Shiitake mushrooms are often confused with the porcinis from above, as both types are sold in a dried form for easy use. However, shiitakes have less earthy flavor than porcinis and are typically less expensive – a very appealing combination of features.
Giant Puffball Mushrooms
Have you ever seen mushrooms like these? Giant puffball mushrooms don’t have any stems or gills. Instead, they’re this large white ball and have solid white flesh all the way through.
There are other puffball mushrooms as well, most of which are smaller and not as easy to spot. Some of these are safe to eat, while others aren’t. However, giant puffball mushrooms are great for beginners, as they’re not easily confused with poisonous mushrooms. That said, it’s important to make sure the mushroom is fresh and be confident about your identification.
In particular, giant puffball mushrooms are best consumed when their exterior is firm and the inside is white (looking a little like cream cheese). The mushroom shouldn’t be avoided if the flesh is yellow instead, as it’s no longer safe to eat.
Lion’s Mane Mushrooms
Lion’s mane mushrooms are another species famous for health and medical benefits. There’s a ton of hype surrounding this mushroom, including how it could act as a ‘fountain of youth’ and the presence of potential that it comes with spiritual benefits.
While research is still ongoing, there is some evidence for benefits, such as how compounds in lion’s mane mushrooms may reduce cholesterol oxidation. Unfortunately, many of those benefits are associated with lion’s mane mushroom supplements rather than the fungus itself.
If you can find it, lion’s mane mushrooms are exciting and delicious. The mushrooms can even be eaten raw, giving you plenty of options for serving them.
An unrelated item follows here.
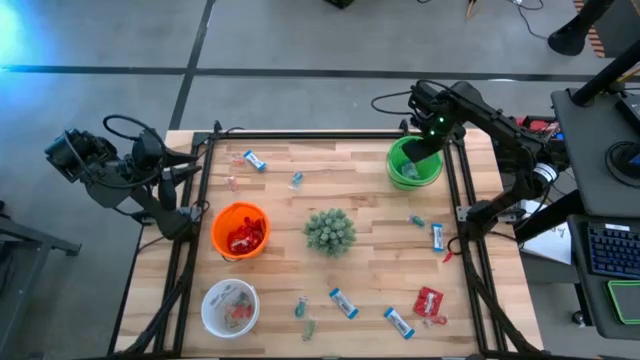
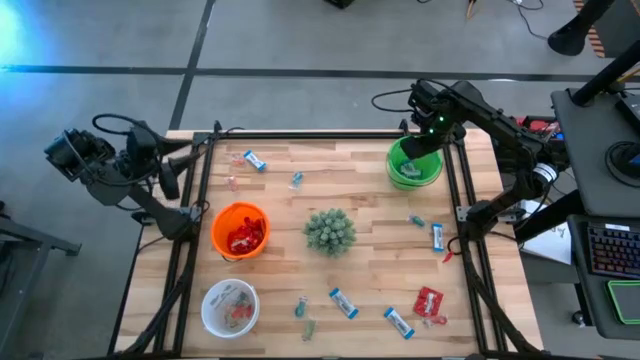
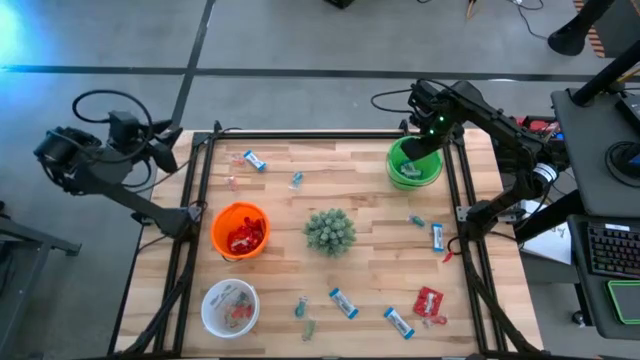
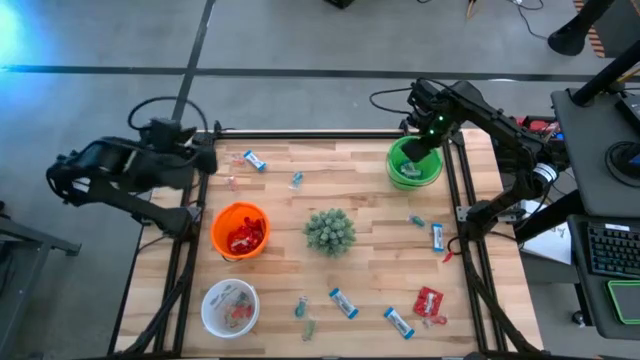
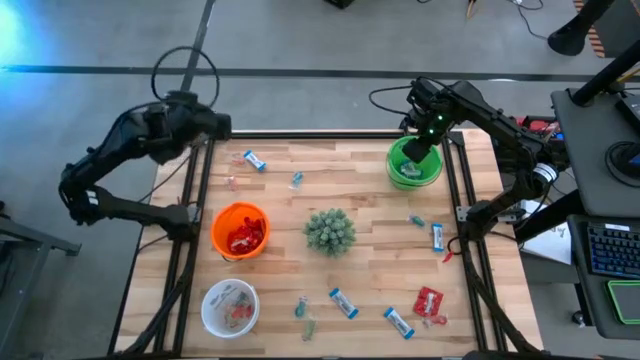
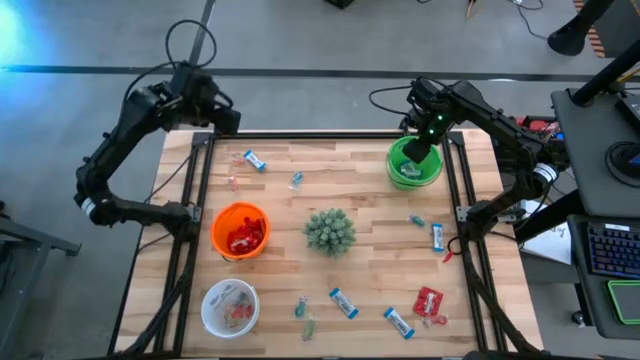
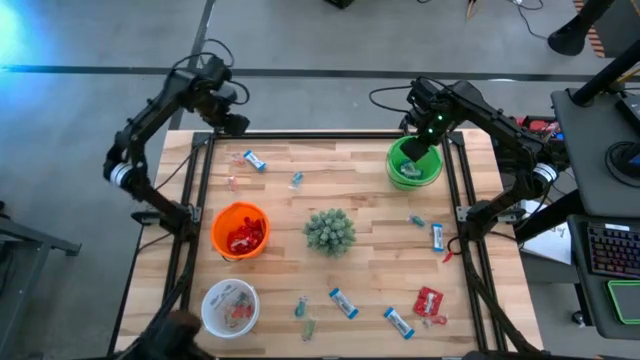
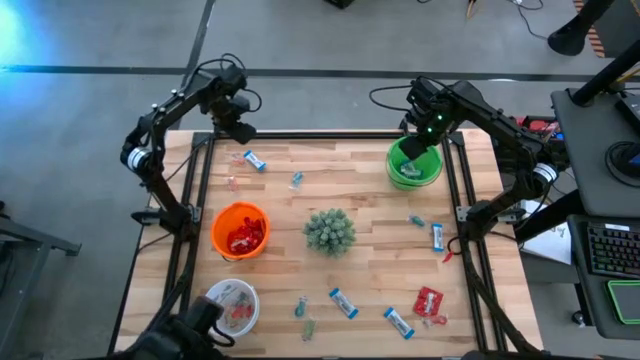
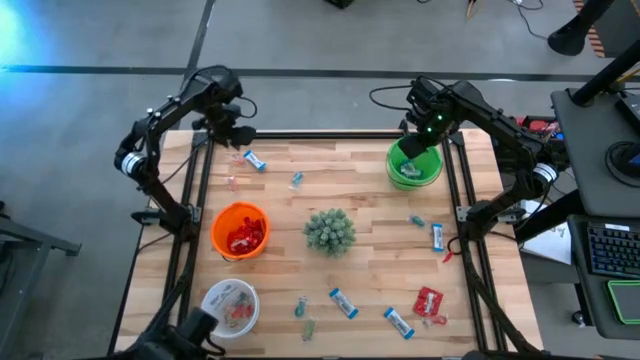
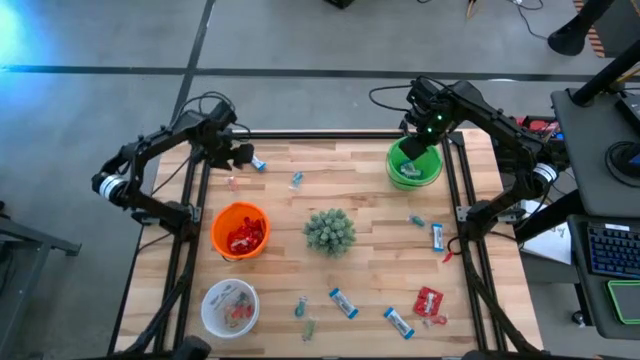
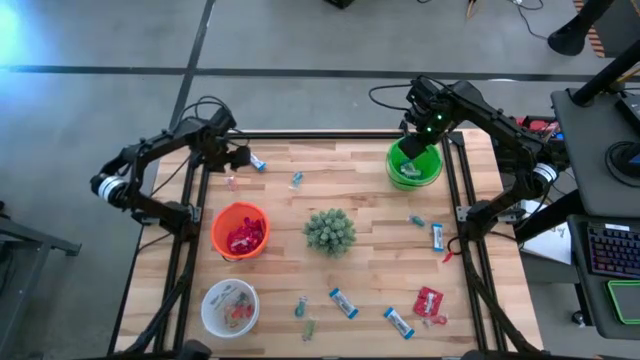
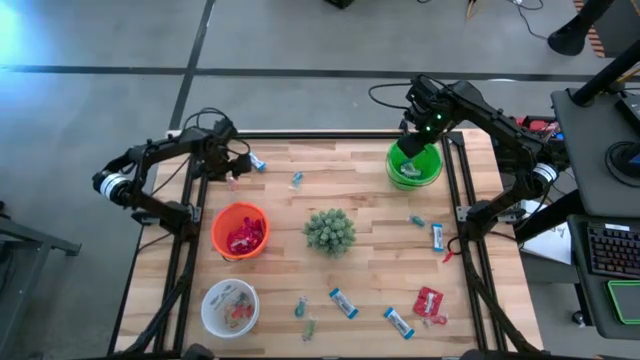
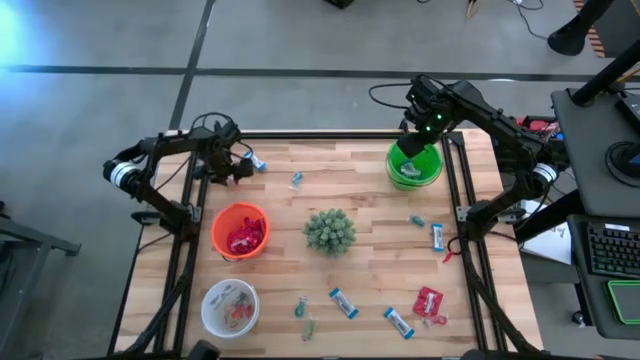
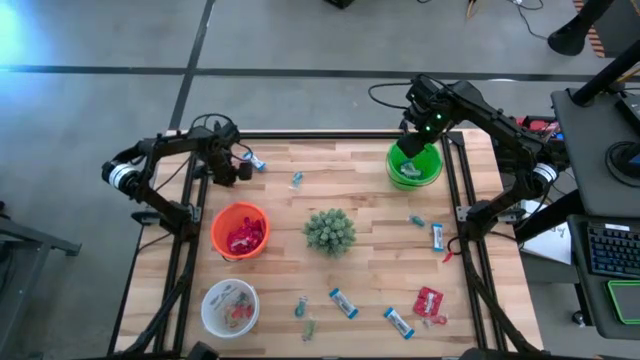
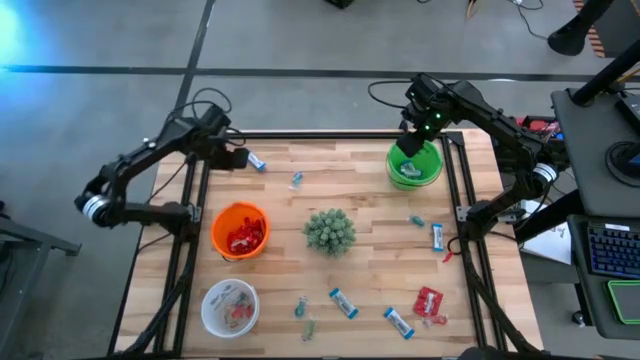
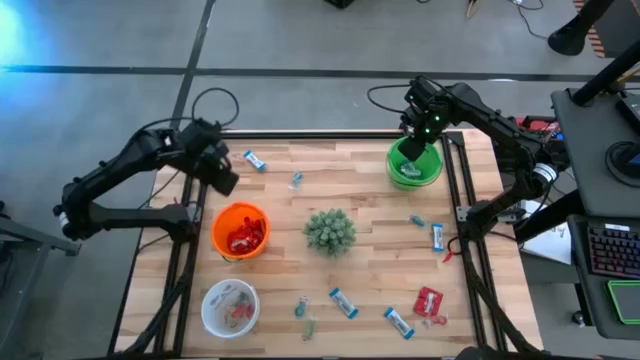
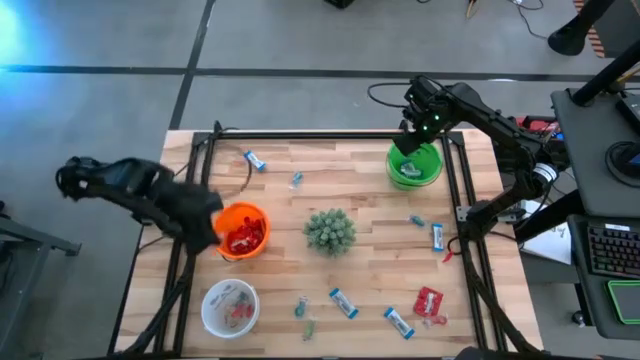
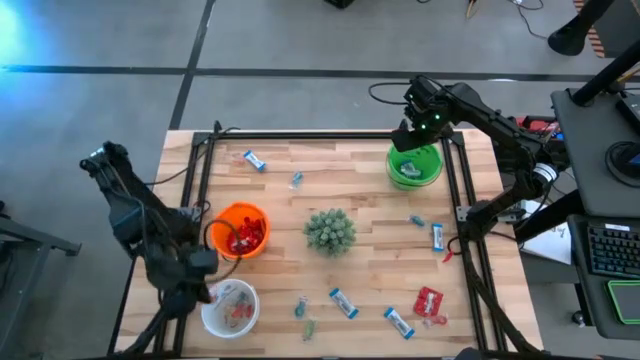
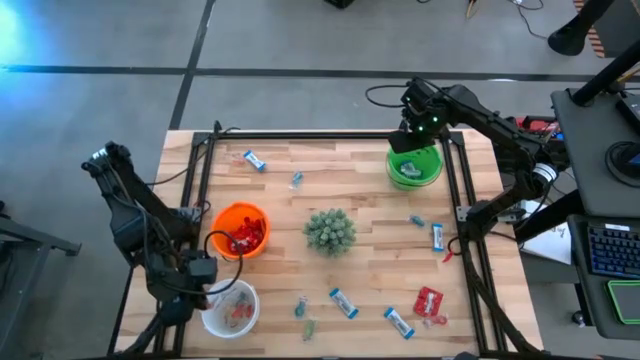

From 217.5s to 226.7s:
Put the orange gummy into the white bucket

The common name chestnut mushroom is actually used for a few different species of mushroom. We’re just talking about one of these – the species Pholiota adiposa. The little mushrooms are parasitic and grow in clusters on rotting wood and living trees.
It’s even possible to grow these mushrooms yourself by purchasing an inoculated spawn bag or a similar product. Watching the mushrooms grow is a great way to learn more about mushrooms and is perfect for any budding mycologists.
Because this type of mushroom isn’t exceptionally well known, there are limited recipes that show you how to use it. However, the principles are the same as for other types of mushrooms, so you can easily experiment and develop your own dishes.
Maitake also goes by the name hen of the woods, although it is quite different than the golden chicken of the woods mushroom we discussed earlier. The name hen of the woods seems to come from the mushroom’s appearance, as the fan shape looks a little like feathers from a hen.
Despite looking unfamiliar, these mushrooms can be used just like other types. You might sauté them in butter on their own or perhaps include them in a rice or pasta dish. Either way, the mushrooms are going to be delicious.
Beyond this, maitake mushrooms have been linked to health benefits. This includes the potential to fight cancer, to promote long life, and to support the immune system. These potential benefits are partly associated with the antioxidants and nutrients in the mushrooms and partly with unusual plant-based compounds.
Bonus: Lobster Mushrooms
Lobster mushrooms demand attention from the first moment you see them, as they’re stunning and taste delicious. They even live up to the lobster part of their name, as notes in their flavor profile are reminiscent of lobster.
Nevertheless, lobster mushrooms are misleading, as the bright orange color actually comes from a type of parasitic fungus that can attack multiple types of mushroom. Despite the presence of this fungus, lobster mushrooms are popular and considered safe to eat.
This fungus makes lobster mushrooms truly remarkable. If you’re foraging for them, only focus on bright orange mushrooms. The mushrooms typically turn pink or purple as they age and aren’t good to eat once this has happened.